Afterwards we can just deal with the gw directly, whether it's MR or non-MR, then we can just iterate through its interfaces as we normally would
if (msg->msg_type == LNET_MSG_REPLY || msg->msg_type == LNET_MSG_ACK || !lnet_peer_is_multi_rail(peer) || best_ni) { ... if (best_lpni && !lnet_get_net_locked(LNET_NIDNET(dst_nid))) { ... gw_peer = best_gw->lpni_peer_net->lpn_peer; /* use the gw_peer to deal with the router for now */ ... } ... if (!lnet_peer_is_multi_rail(peer)) { __u32 net_id; /* if gw_peer is not NULL, then we must have a best_gw */ if (gw_peer) ( net_id = LNET_NIDNET(best_gw->lpni_nid); else net_id = LNET_NIDNET(best_lpni->lpni_nid); ... if (!best_ni) { ... if (final_dst_lpni->lpni_pref_nnids == 1) { best_ni = lnet_nid2ni_locked(final_dst_lpni->lpni_pref.nid, cpt); } else peer_net = lnet_peer_get_net_locked((gw_peer) ? gw_peer : peer, net); ... } if (!best_ni) { /* if we're routing then we want to look at the gw */ struct lnet_lpni lpni_use = (gw_peer) ? best_gw : best_lpni; best_ni = lnet_net2ni_locked(net_id, cpt); /* update the code to use lpni_use instead of best_lpni */ ... /* now we need to pick the lpni for which we will update it's preferred local_ni */ if (!gw_peer) /* continue doing what the code does now */ } /* Set preferred NI if necessary. */ if (gw_peer) if (final_dst_lpni->lpni_pref_nnids == 0) /* set preferred ni */ else if (lpni->lpni_pref_nnids == 0) /* set preferred ni */ } /* deal with the gw directly */ if (gw_peer) peer = gw_peer }
Caveat
One thing to be aware of is that if the entire system is MR, but the config doesn't tell the node and the peer that the other is MR, then that will cause the node to only use one of its interfaces when talking to that peer.
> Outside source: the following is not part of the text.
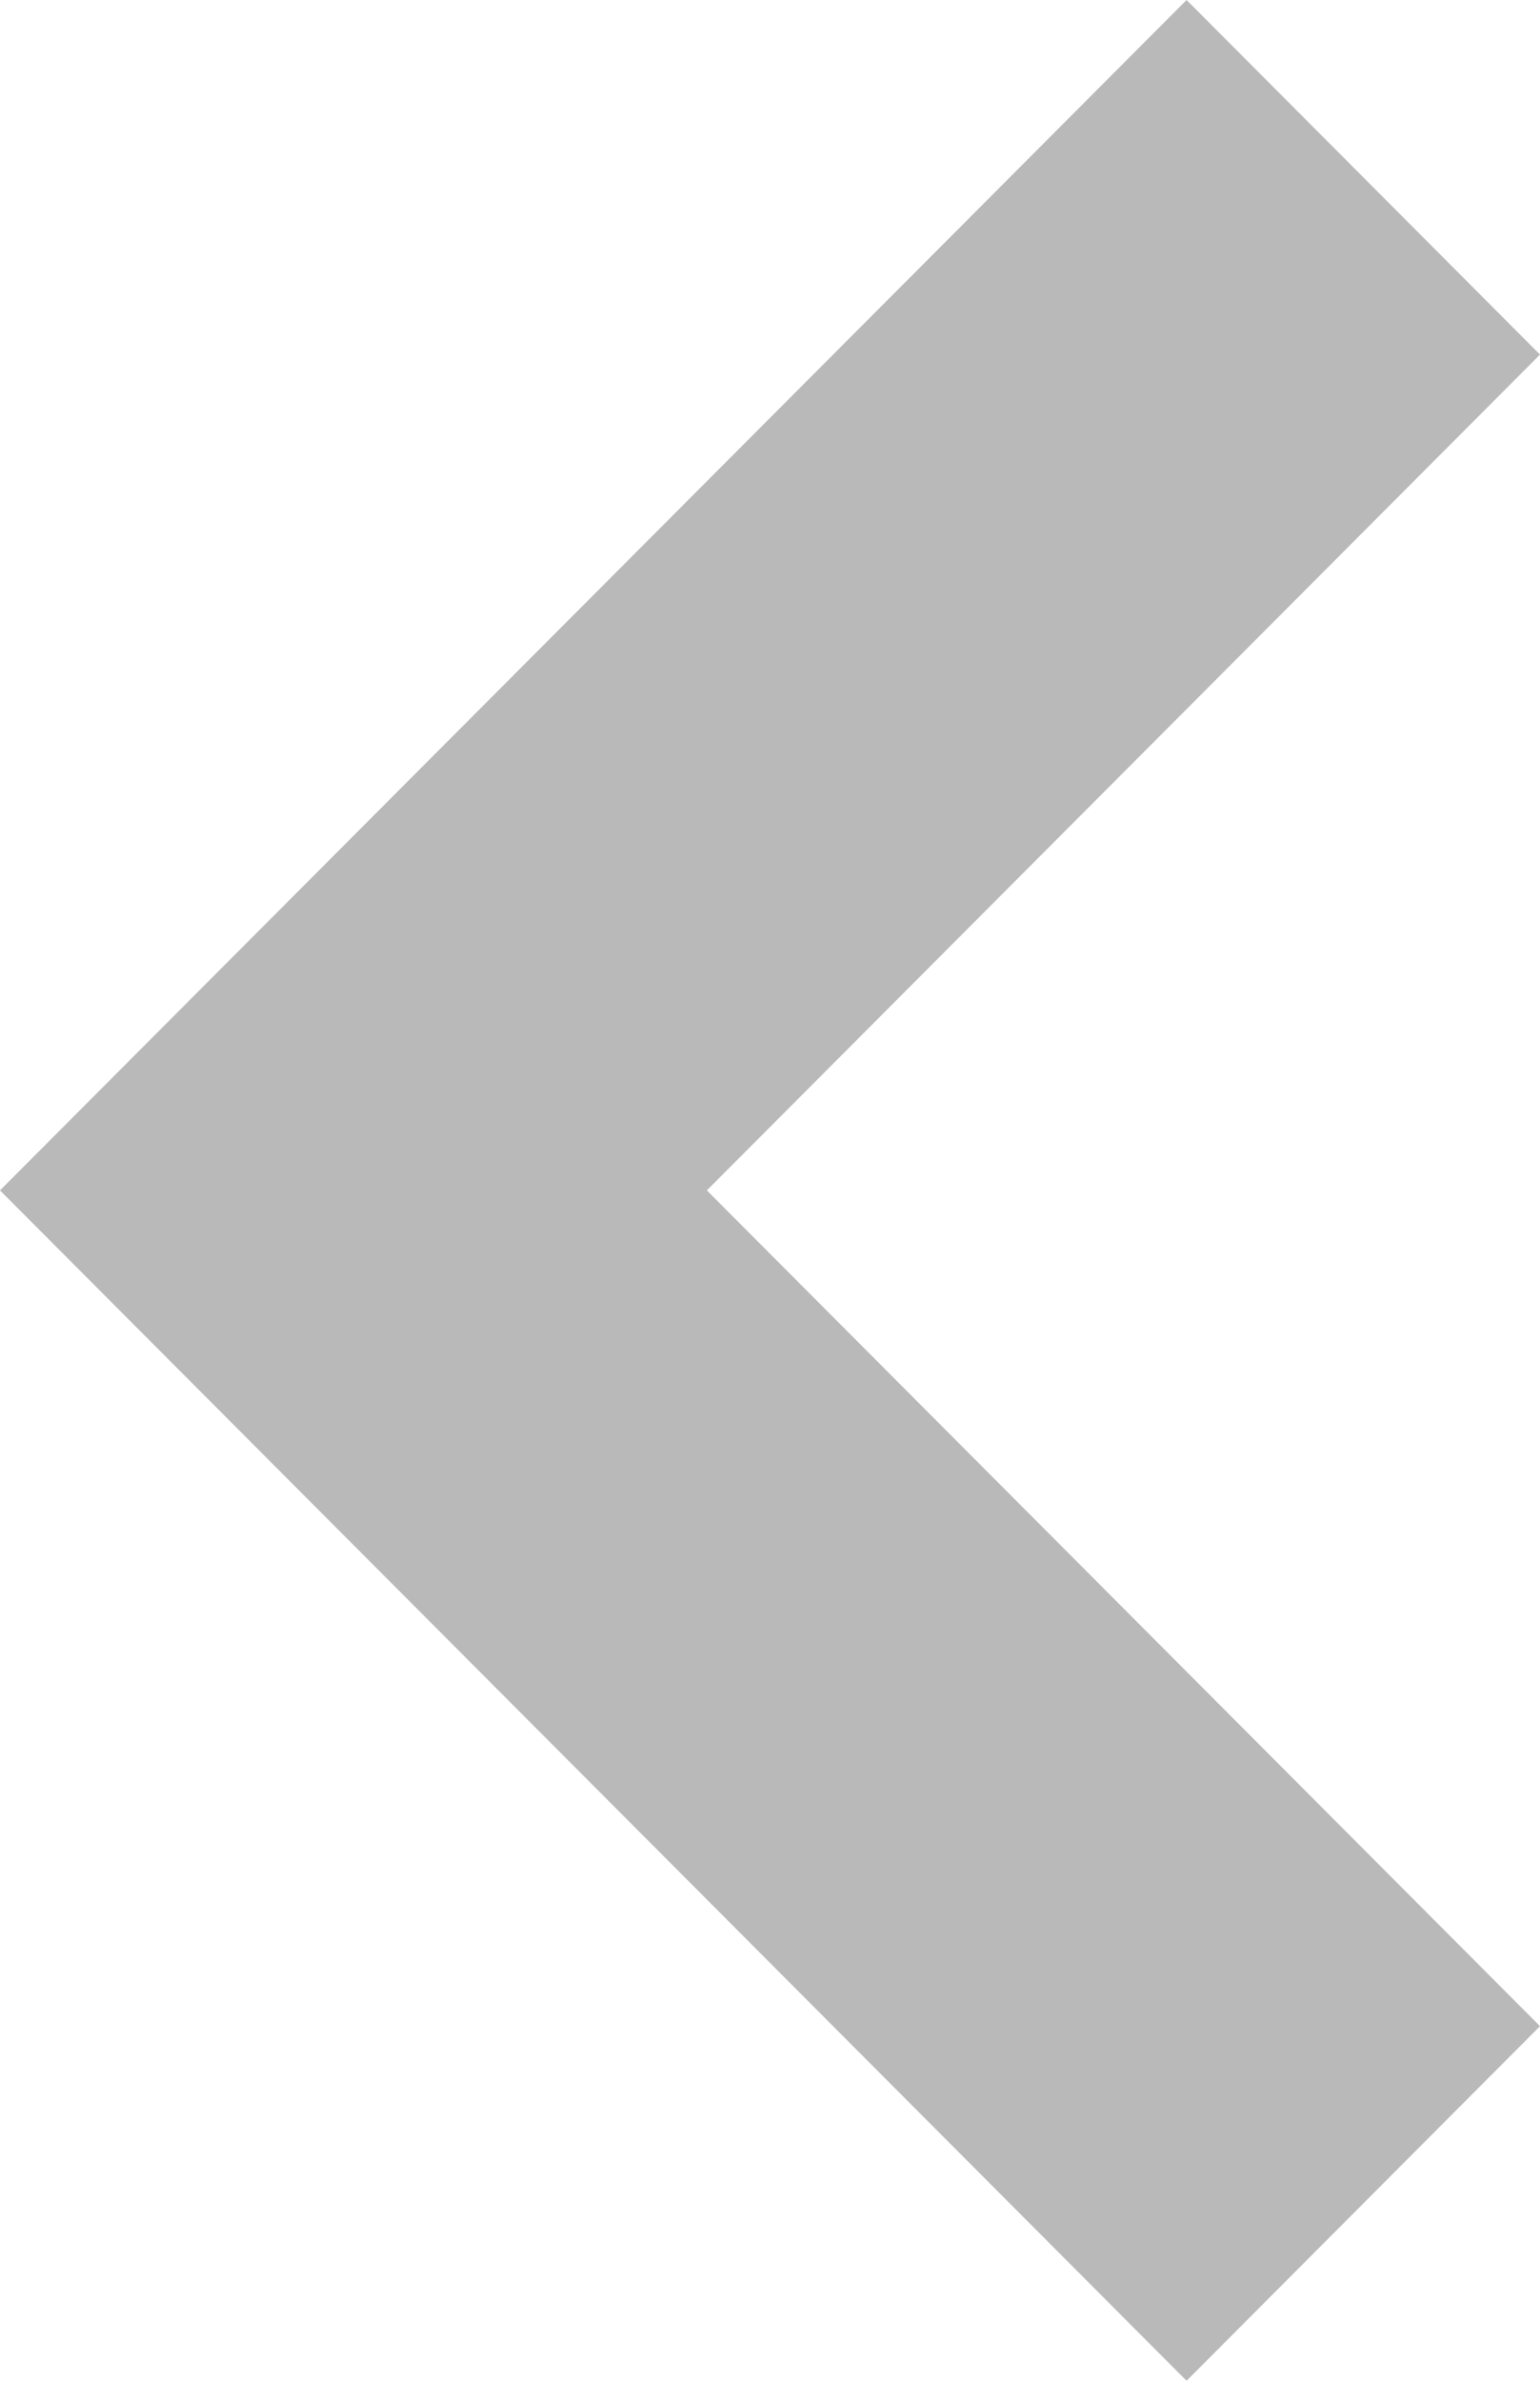 <svg width="22" height="34" viewBox="0 0 22 34" fill="none" xmlns="http://www.w3.org/2000/svg">
<path d="M4.01742e-06 17L16.951 6.02109e-08L22 5.064L10.098 17L22 28.936L16.951 34L4.01742e-06 17Z" fill="#B9B9B9"/>
</svg>

Even though it'll use all the interfaces of the MR router and the router will use all of its interfaces and the final destination interfaces, there would still be a performance drop, because the local node is not using the entire bandwidth available to it.
With the Dynamic Discovery this will not be a problem since DD will discover the final destination MR status and will deal with it as MR.
However, in 2.10 the configuration described above will have a performance impact.